Is there a good all in one website to check what is happening in the world and the effects that it can have on the ASX.

im new to the game and am really only watching the local ASX at the moment but realise i still need to get more up to date with what is happening globally to help forecast what will happen locally...


----------



## professor_frink (31 January 2011)

here's one that should be helpful:


http://stockcharts.com/def/servlet/Favorites.CServlet?obj=msummary&cmd=show&disp=SXA


----------



## Gringotts Bank (31 January 2011)

Google Finance

Yahoo Finance


----------



## sinner (31 January 2011)

shyguy said:


> Is there a good all in one website to check what is happening in the world and the effects that it can have on the ASX.
> 
> im new to the game and am really only watching the local ASX at the moment but realise i still need to get more up to date with what is happening globally to help forecast what will happen locally...




These days I like the futures board at finviz.com

http://finviz.com/futures.ashx

One quick check in the morning I know everything I need to know in under 30 seconds.


----------



## WaveSurfer (31 January 2011)

sinner said:


> These days I like the futures board at finviz.com
> 
> http://finviz.com/futures.ashx
> 
> One quick check in the morning I know everything I need to know in under 30 seconds.




Nice one sinner, thanks for that.


----------



## Junior (31 January 2011)

shyguy said:


> Is there a good all in one website to check what is happening in the world and the effects that it can have on the ASX.
> 
> im new to the game and am really only watching the local ASX at the moment but realise i still need to get more up to date with what is happening globally to help forecast what will happen locally...




Bloomberg is a good one.


----------



## ginar (31 January 2011)

shyguy said:


> Is there a good all in one website to check what is happening in the world and the effects that it can have on the ASX.
> 
> im new to the game and am really only watching the local ASX at the moment but realise i still need to get more up to date with what is happening globally to help forecast what will happen locally...







http://www.liveindices.com/


----------



## skc (31 January 2011)

WaveSurfer said:


> Nice one sinner, thanks for that.




Second that... If they can have spot coal and iron ore + the vix and bdi that would be perfect.

OTOH they do have the price of orange juice  Had no idea that's a futures contract!


----------



## sammy84 (31 January 2011)

skc said:


> OTOH they do have the price of orange juice  Had no idea that's a futures contract!




Haven't you seen trading places? Eddie Murphy and Dan Aykroid made a fortune in frozen concentrated orange juice futures.


----------



## skc (31 January 2011)

sammy84 said:


> Haven't you seen trading places? Eddie Murphy and Dan Aykroid made a fortune in frozen concentrated orange juice futures.

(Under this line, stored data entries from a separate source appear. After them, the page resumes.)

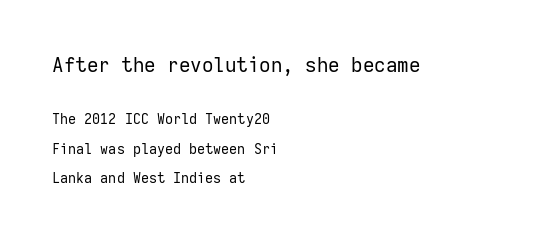
{"italic": "no", "bold": "no", "underline": "no", "align": "left", "line_spacing": "loose", "line_spacing_ratio": 2.11, "letter_spacing": "normal", "letter_spacing_em": 0.0, "larger_block": "first", "size_ratio": 1.43, "glyph_px": 20}
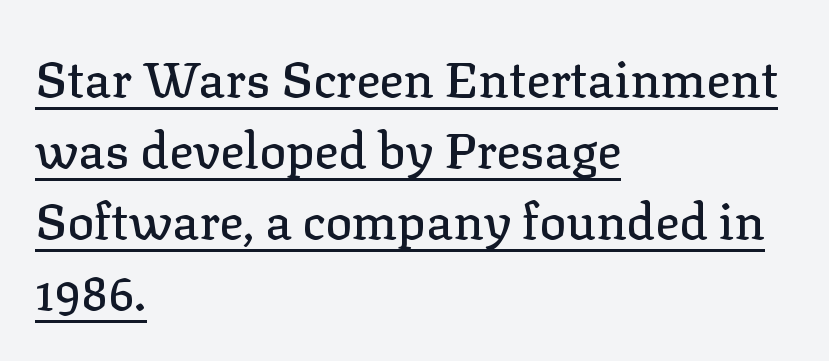
Q: Is the text italic (slanted)? A: No, it is upright.
Q: Is the typeface a serif or a sans-serif typeface? A: Serif.
Q: Is the text underlined? A: Yes.
Q: How is the paragraph aligned? A: Left-aligned.
Q: Is the spacing between letters normal or unusually wide? A: Normal.
Q: Is the spacing between lines tight, normal or loose? A: Normal.
Q: Width (condensed, normal, or wide)? A: Normal.
Q: Stroke contrast? A: Low.
Q: x-height? A: Medium.
Q: Monospaced? A: No.
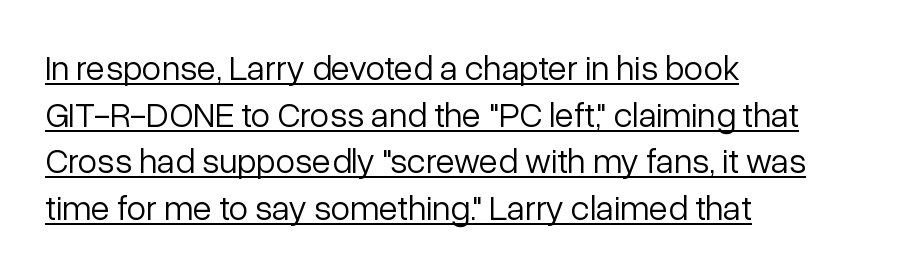
Q: Is the text bold? A: No.
Q: Is the text italic (slanted)? A: No, it is upright.
Q: Is the typeface a serif or a sans-serif typeface? A: Sans-serif.
Q: Is the text underlined? A: Yes.
Q: How is the paragraph aligned? A: Left-aligned.
Q: Is the spacing between letters normal or unusually wide? A: Normal.
Q: Is the spacing between lines tight, normal or loose? A: Normal.
Q: Width (condensed, normal, or wide)? A: Normal.
Q: Stroke contrast? A: Low.
Q: x-height? A: Medium.
Q: Monospaced? A: No.
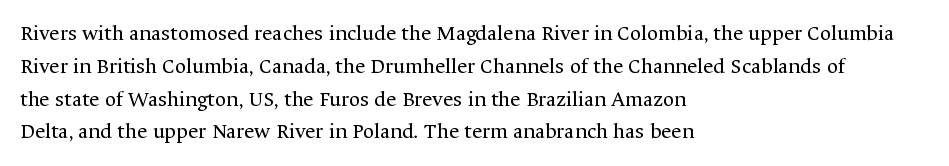
Q: Is the text bold? A: No.
Q: Is the text italic (slanted)? A: No, it is upright.
Q: Is the text underlined? A: No.
Q: How is the paragraph aligned? A: Left-aligned.
Q: Is the spacing between letters normal or unusually wide? A: Normal.
Q: Is the spacing between lines tight, normal or loose? A: Normal.
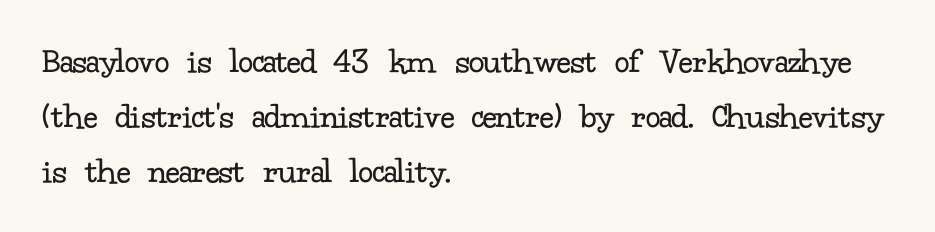
Q: Is the text bold? A: No.
Q: Is the text italic (slanted)? A: No, it is upright.
Q: Is the typeface a serif or a sans-serif typeface? A: Serif.
Q: Is the text underlined? A: No.
Q: How is the paragraph aligned? A: Left-aligned.
Q: Is the spacing between letters normal or unusually wide? A: Normal.
Q: Is the spacing between lines tight, normal or loose? A: Normal.
Q: Width (condensed, normal, or wide)? A: Normal.
Q: Stroke contrast? A: Low.
Q: x-height? A: Small.
Q: Monospaced? A: No.

Might have to get that video out.

It's amazing that when you sit down for breakfast every day you are facing so many futures contracts.

OJ
Coffee
Corn
Pork Belly
Cocoa
Oats
Soy Bean
Sugar

Now surely there is an arbitrage opportunity between the futures market and your local breakfast place


----------



## robusta (31 January 2011)

I normally look at Reuters

http://www.reuters.com/assets/curtainMainContentLoader?view=RSM-US-Curtain-MainContent-Markets


----------